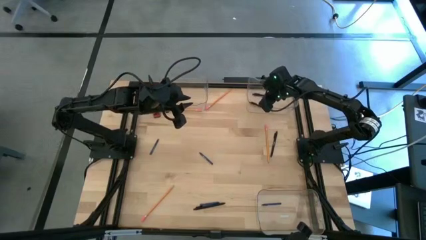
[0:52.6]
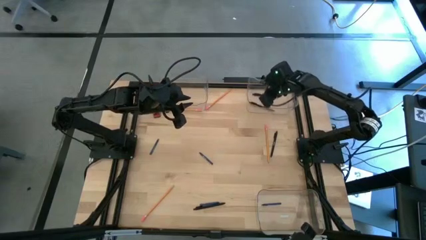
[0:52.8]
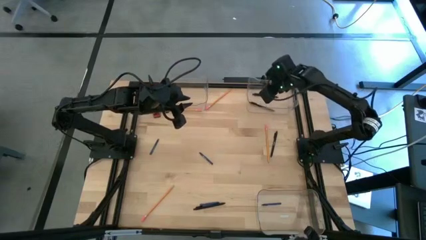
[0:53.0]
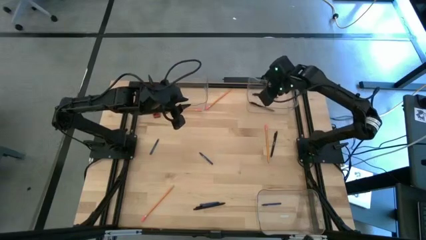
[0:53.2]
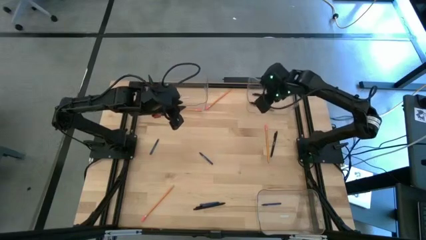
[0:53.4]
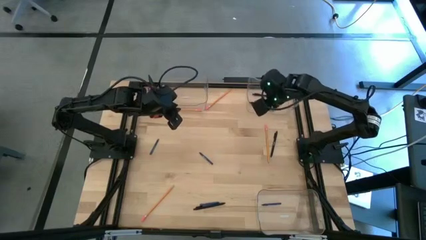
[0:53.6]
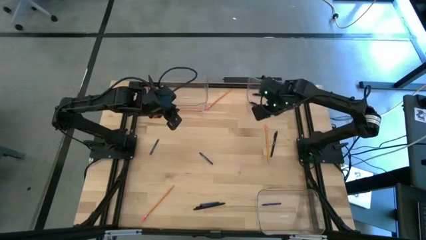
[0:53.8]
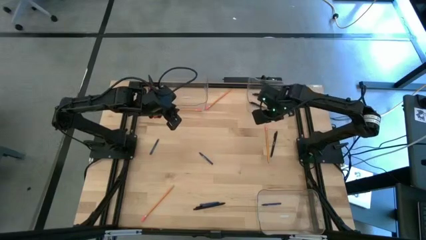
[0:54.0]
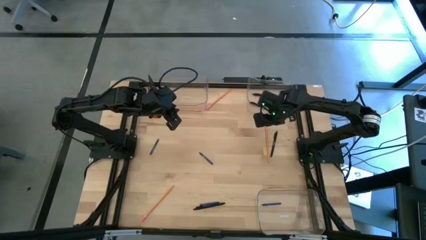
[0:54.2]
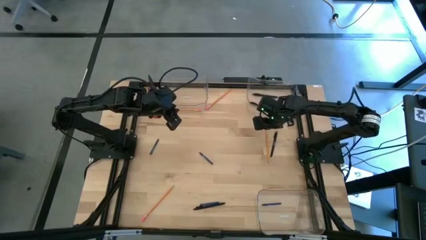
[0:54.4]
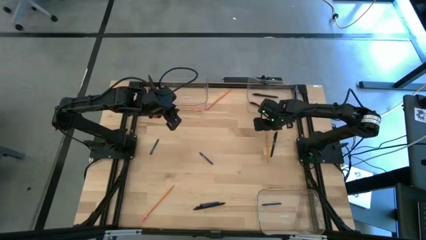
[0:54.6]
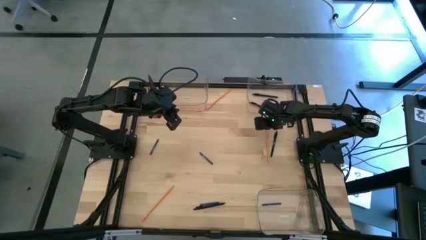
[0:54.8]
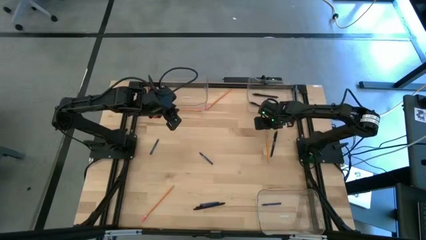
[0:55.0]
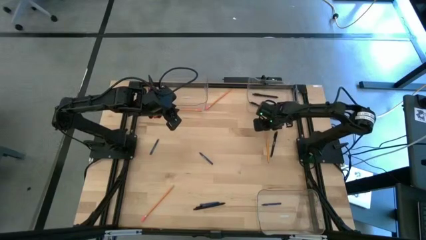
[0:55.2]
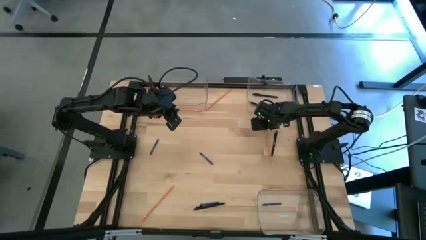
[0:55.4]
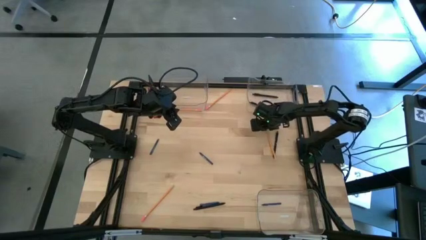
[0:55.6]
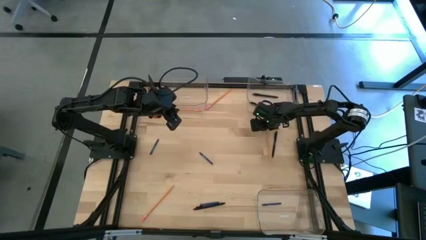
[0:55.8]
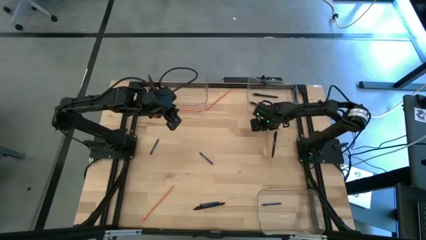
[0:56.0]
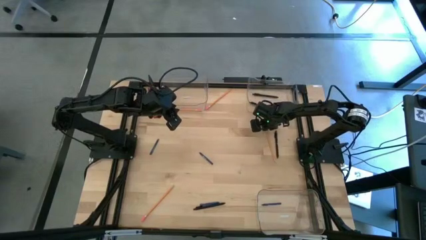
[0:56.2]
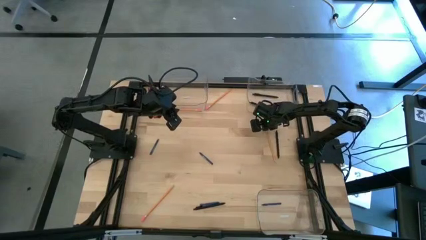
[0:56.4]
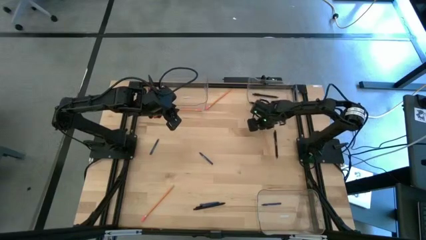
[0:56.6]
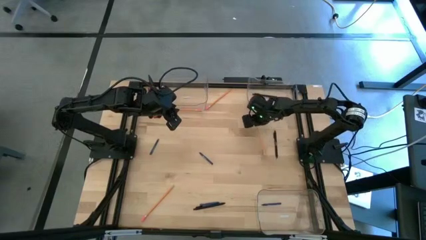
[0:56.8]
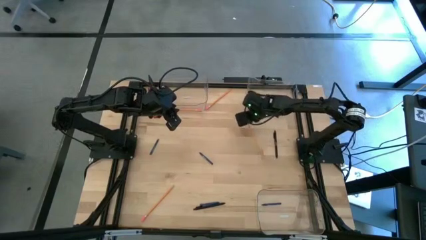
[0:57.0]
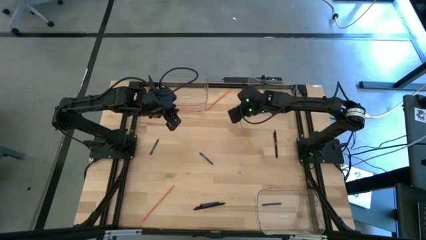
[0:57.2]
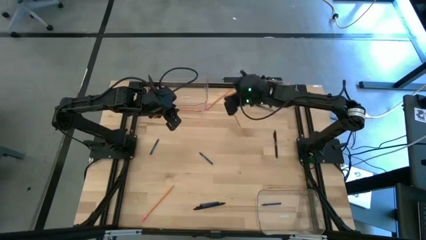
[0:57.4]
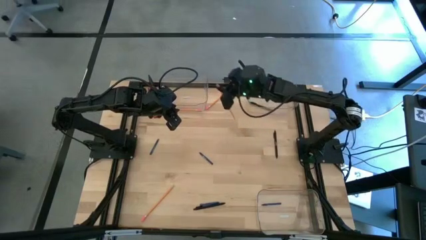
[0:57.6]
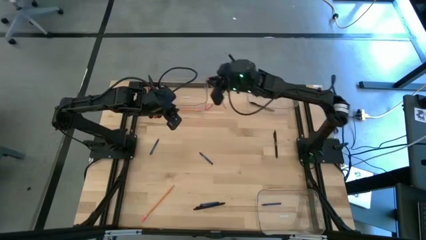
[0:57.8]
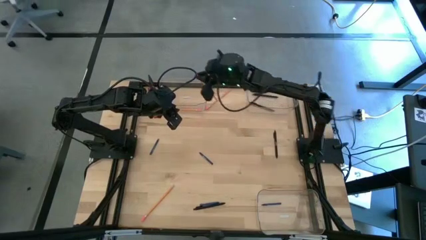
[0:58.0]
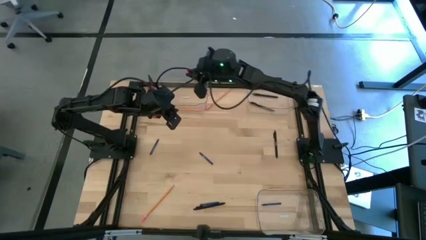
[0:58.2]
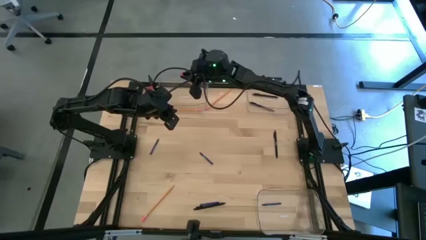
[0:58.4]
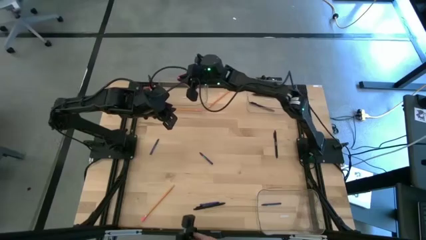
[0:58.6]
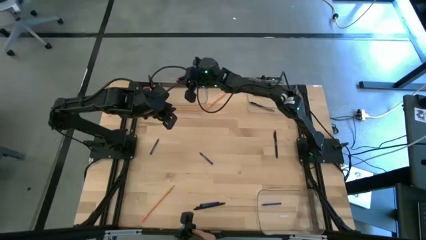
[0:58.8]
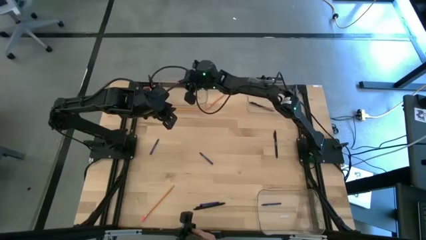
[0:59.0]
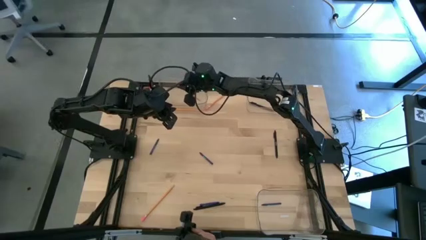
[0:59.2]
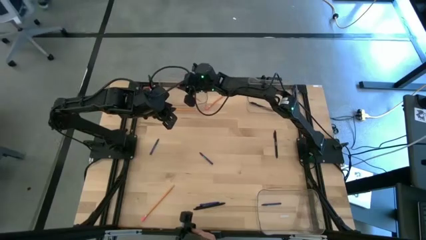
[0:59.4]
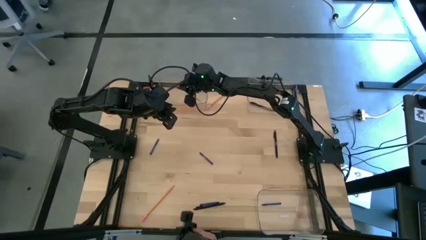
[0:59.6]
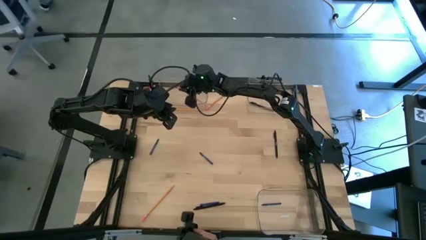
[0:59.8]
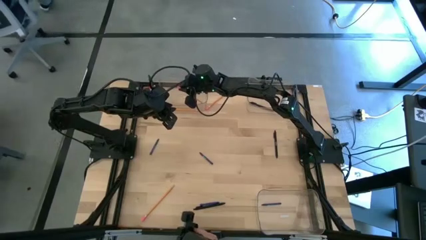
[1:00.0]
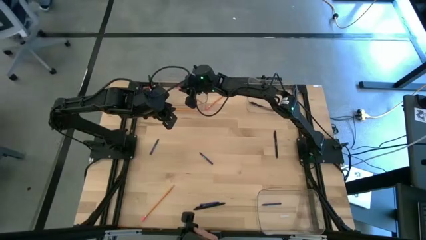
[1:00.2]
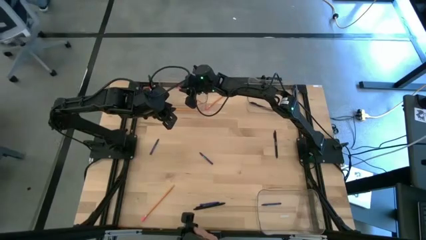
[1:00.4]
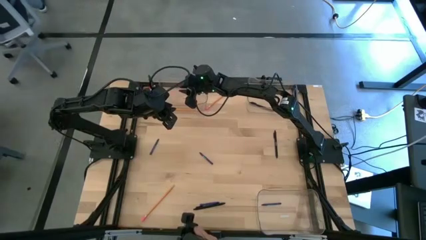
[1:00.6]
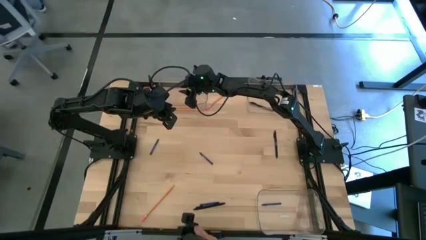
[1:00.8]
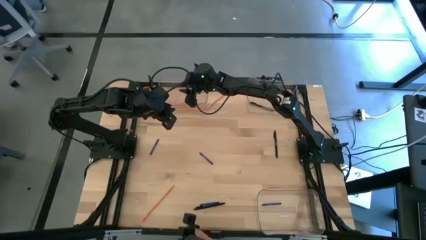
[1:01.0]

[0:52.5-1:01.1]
Task: Sort crayons/erasers/pens/pencils in bins
Put the yellow pencil into the top left transparent bin

——

Every line of the listing should be repeated exactly; no picture should appear.

Response box:
[0:52.6]
[0:52.8]
[0:53.0]
[0:53.2]
[0:53.4]
[0:53.6]
[0:53.8]
[0:54.0]
[0:54.2]
[0:54.4]
[0:54.6]
[0:54.8]
[0:55.0]
[0:55.2]
[0:55.4]
[0:55.6]
[0:55.8]
[0:56.0]
[0:56.2]
[0:56.4]
[0:56.6]
[0:56.8]
[0:57.0]
[0:57.2]
[0:57.4]
[0:57.6]
[0:57.8]
[0:58.0]
[0:58.2]
[0:58.4]
[0:58.6]
[0:58.8]
[0:59.0]
[0:59.2]
[0:59.4]
[0:59.6]
[0:59.8]
[1:00.0]
[1:00.2]
[1:00.4]
[1:00.6]
[1:00.8]
[1:01.0]

[0:52.5-1:01.1]
Task: Sort crayons/erasers/pens/pencils in bins
Put the yellow pencil into the top left transparent bin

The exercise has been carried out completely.